Como é de sabença geral, a tão falada “Operação Maré Vermelha” teve início em
19 de março do ano corrente, e, conforme informação publicada no sítio
eletrônico da Receita Federal, seu objetivo é “aumentar o rigor nas operações de
comércio exterior em razão do volume crescente de importações e o consequente
aumento do crescimento do comércio desleal, que inclui a prática de fraudes como
o subfaturamento, a triangulação e a utilização de falsa classificação fiscal
que resultam em situações predatórias ao setor produtivo nacional”[1].
Conforme já colocado por Raul Haidar, em artigo
publicado na
ConJur[2], a
ineficiência da Receita levará empresários à bancarrota, e “já há vários casos
de pequenas empresas de importação que estão suspendendo suas atividades ou
mesmo encerrando-as definitivamente”[3].
Fato é que a chamada “Operação Maré Vermelha” se trata de uma
retaliação
política a importadores, sem qualquer fundamento jurídico.
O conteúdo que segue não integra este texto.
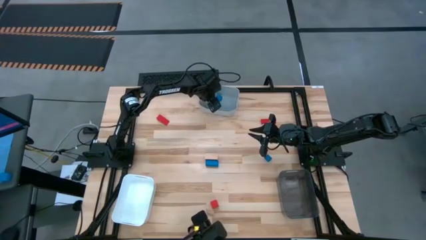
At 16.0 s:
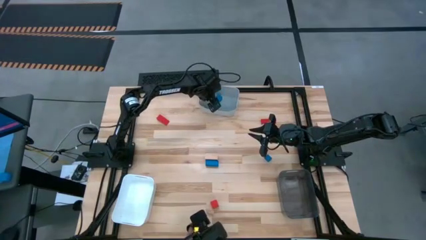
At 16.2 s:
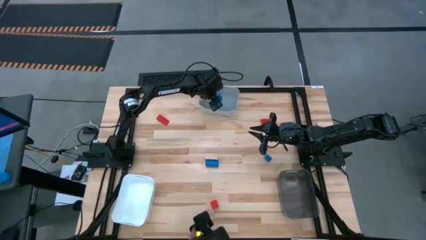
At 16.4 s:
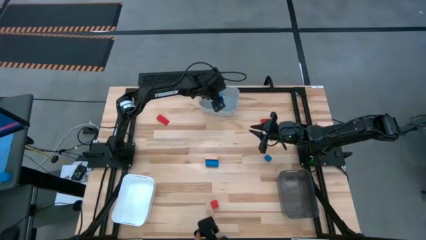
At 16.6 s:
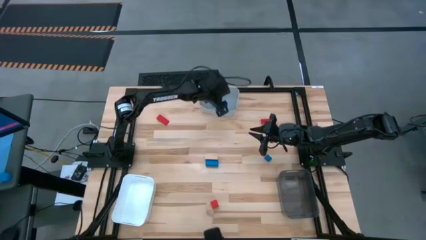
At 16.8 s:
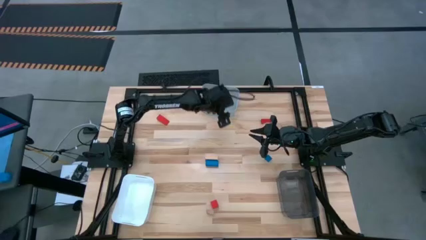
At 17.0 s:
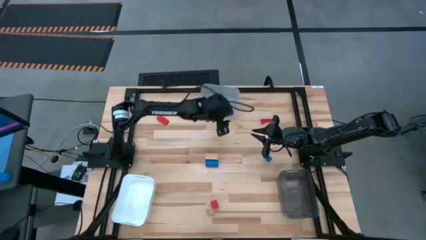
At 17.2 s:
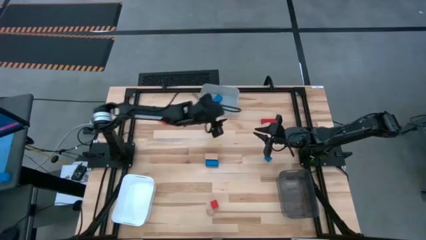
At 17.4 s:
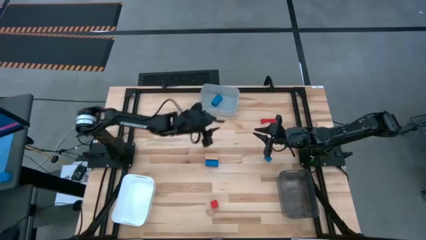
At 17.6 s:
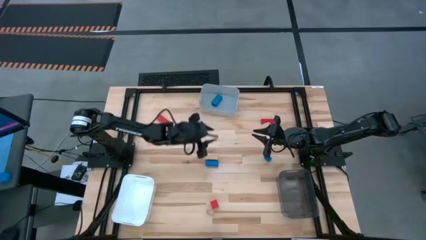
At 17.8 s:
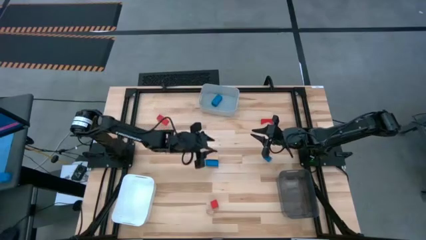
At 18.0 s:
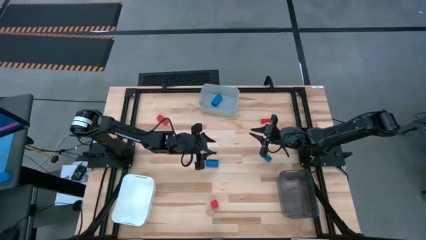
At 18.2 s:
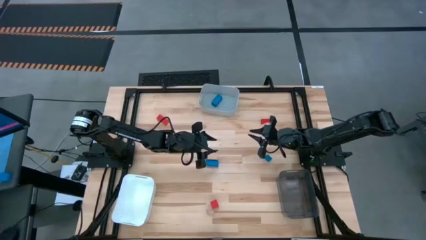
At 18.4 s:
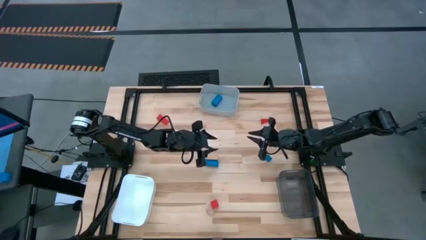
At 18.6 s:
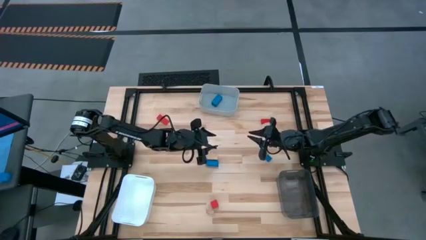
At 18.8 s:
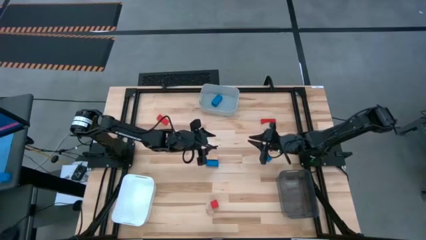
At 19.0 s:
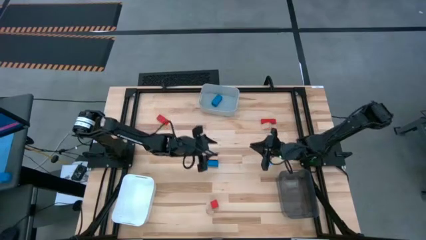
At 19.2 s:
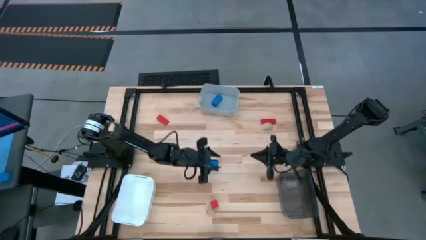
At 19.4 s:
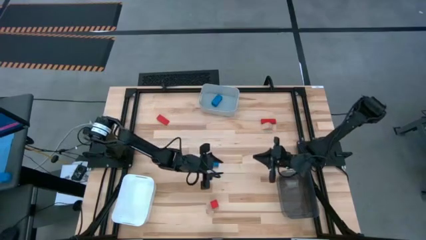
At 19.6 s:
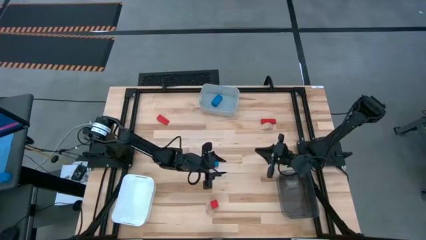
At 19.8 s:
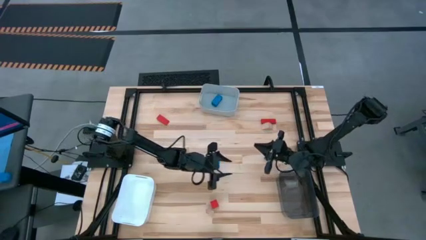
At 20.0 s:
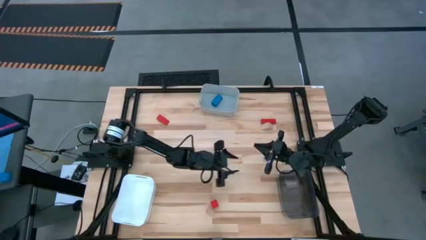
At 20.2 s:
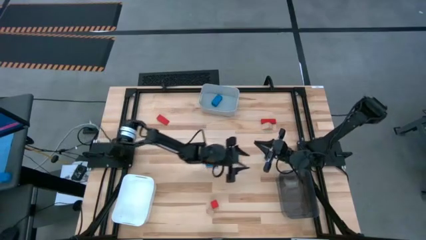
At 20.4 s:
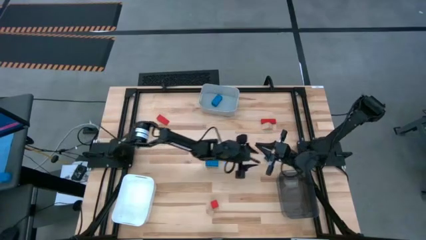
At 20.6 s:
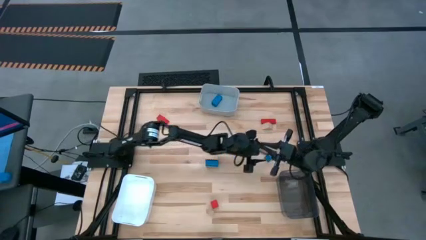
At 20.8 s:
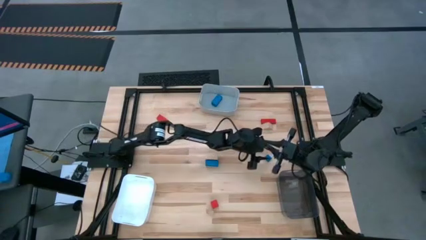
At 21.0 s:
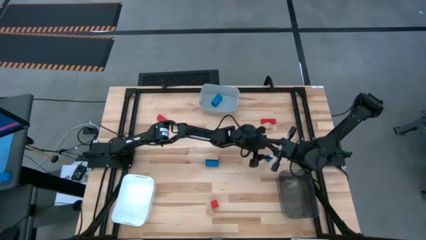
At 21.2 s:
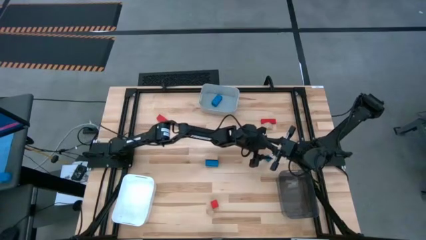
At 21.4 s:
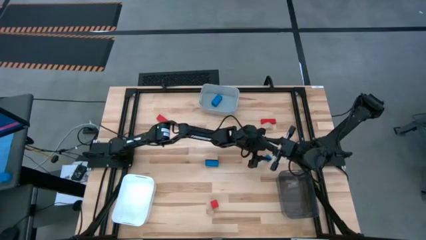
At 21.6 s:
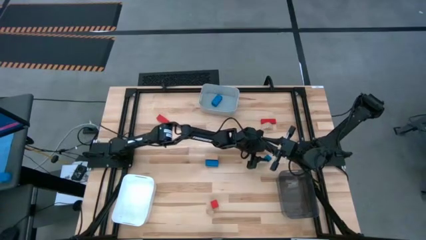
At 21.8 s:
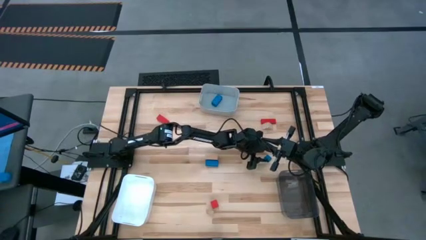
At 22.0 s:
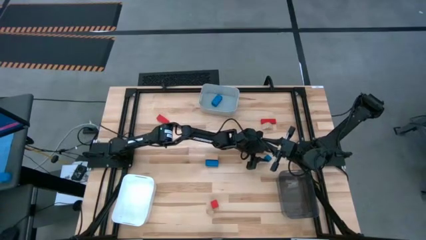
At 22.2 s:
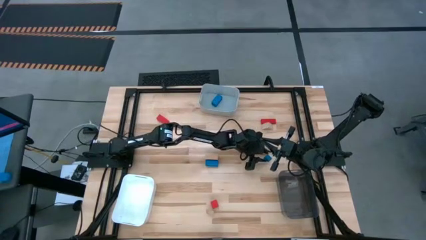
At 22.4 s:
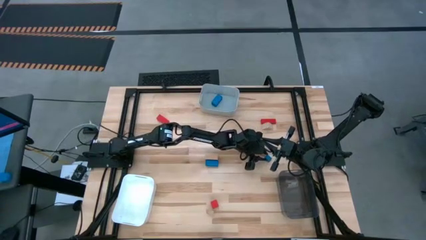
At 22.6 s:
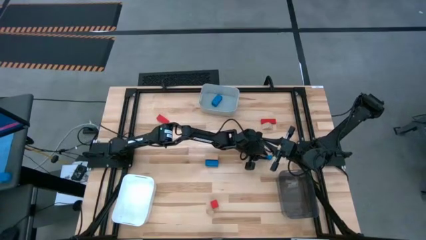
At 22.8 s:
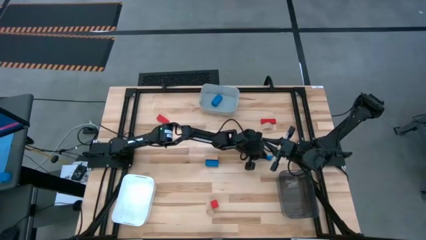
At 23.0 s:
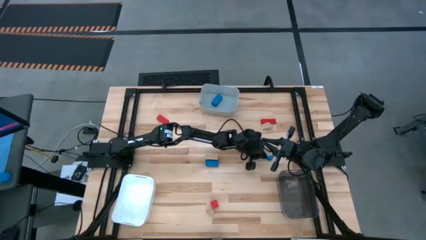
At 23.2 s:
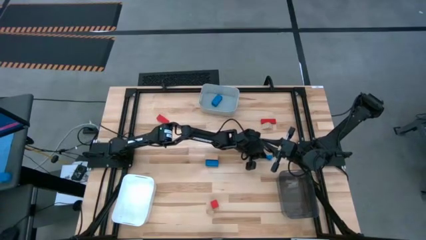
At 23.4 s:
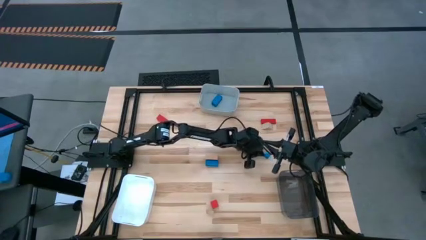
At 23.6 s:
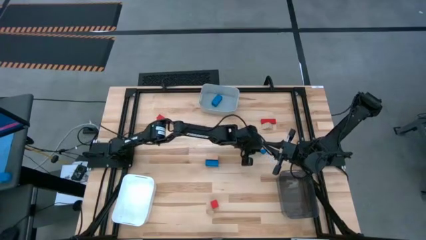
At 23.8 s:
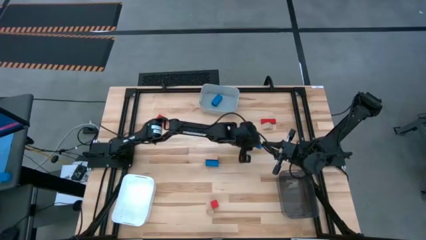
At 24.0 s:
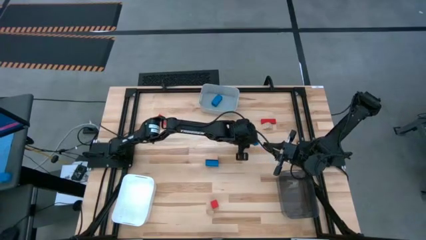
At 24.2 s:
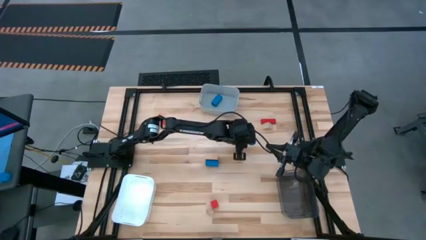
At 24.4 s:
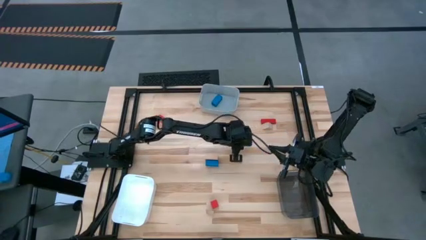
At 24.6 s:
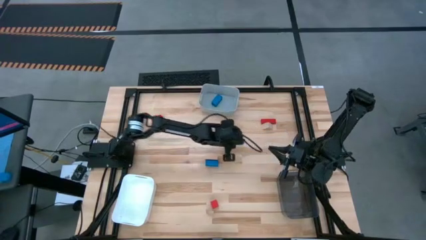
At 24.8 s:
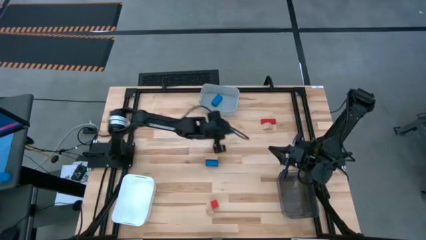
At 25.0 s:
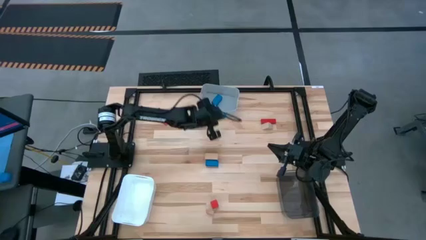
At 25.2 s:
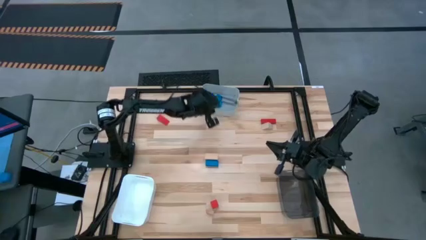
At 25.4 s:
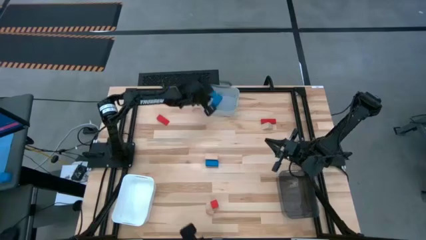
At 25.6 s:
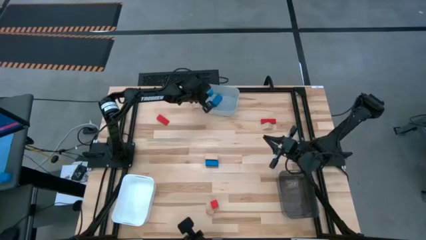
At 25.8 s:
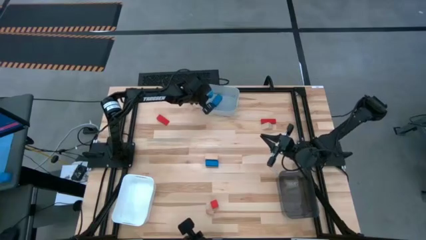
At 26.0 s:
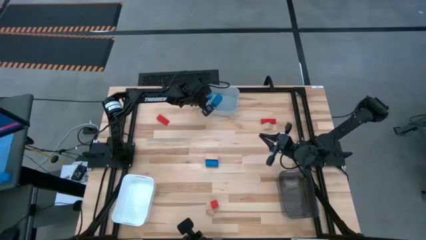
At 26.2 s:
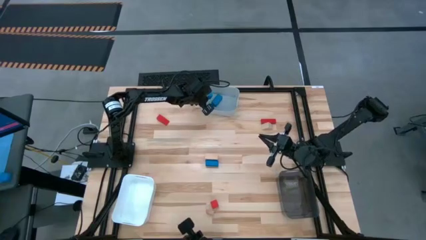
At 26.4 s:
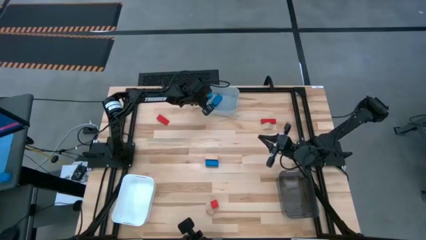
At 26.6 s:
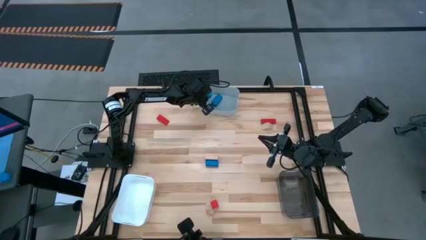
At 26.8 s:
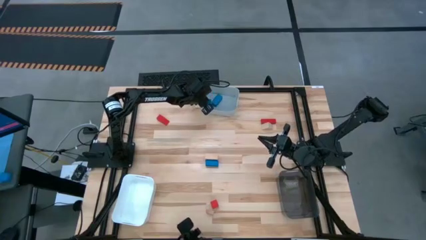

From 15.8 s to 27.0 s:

É um “nada
jurídico”, vez que a restrição de direitos, como sabemos, só é legítima quando
única e exclusivamente criada por lei.
Ora, se a Receita não fiscalizou rigorosamente as operações de comércio
exterior antes de instaurar a referida operação, o cidadão-contribuinte nada
pode fazer, menos ainda arcar com a demora — e consequentemente prejuízos —
causada pelas
inéditas exigências realizadas nos
processos de importação.
Tudo fruto da malfadada operação.
É que no afã de querer encontrar fraudadores —do mesmo modo como as
autoridades policiais tentam “encontrar”
criminosos —, a Receita
Federal tem instaurado procedimentos especiais de fiscalização sem um único
indício de materialidade e autoria das suspeitas investigadas. É assim: a
fiscalização simplesmente espera meses para avaliar se os documentos de
importação estão de acordo com a legislação (checando pagamento de tributos,
classificação fiscal etc.) e, depois, instaura de chofre o referido procedimento
dizendo
qualquer coisa sobre qualquer coisa, acusando o
contribuinte.
Com o poder em mãos, e albergada pela (questionável) presunção de legalidade
e veracidade dos atos administrativos, a administração pública confortavelmente
vem alegando suspeitas de subfaturamento, interposição fraudulenta de terceiros,
falsidade material, etc., a qualquer caso de importação. Basta achar que tais
hipóteses existem que as autoridades fiscais se autorizam a reter as mercadorias
do contribuinte. E o efeito perverso dessa dura realidade é que em ações
judiciais do importador, mais especificamente no Mandado de Segurança, a
autoridade se vale outra vez da presunção
juris tantum de veracidade,
sendo vista como se imparcial fosse.
Mas não deve ser assim.
É que, seguindo o alerta
de Lenio Luiz Streck, “
não se pode dizer qualquer coisa sobre qualquer coisa
e depois buscar a justificativa”[4]. É
isso que a Receita está fazendo.
Nesse cenário, a análise das informações prestadas em Mandado de Segurança, e
das acusações feitas em procedimentos de fiscalização, deve ser deveras
criteriosa, especialmente porque nessas situações (de importação) a Receita
Federal
enfatizou claramente seu interesse em obstar/dificultar as
operações de comércio exterior, sob o subterfúgio de estar em defesa do mercado
doméstico.
Como já consignado
na
ConJur, pelos advogados Alan Adualdo Peretti de Araujo e
Luiz Roberto Peroba Barbosa[5], o
juiz “deve sopesar parcialidade da autoridade coatora”, pois não raras vezes ela
apresenta informações “defendendo o ato coator como se parte fosse, o que é
prática ilegal e que fica ainda mais evidente quando é feita construção jurídica
e até mesmo distorção dos fatos, visando validar o ato objeto da impetração”[6].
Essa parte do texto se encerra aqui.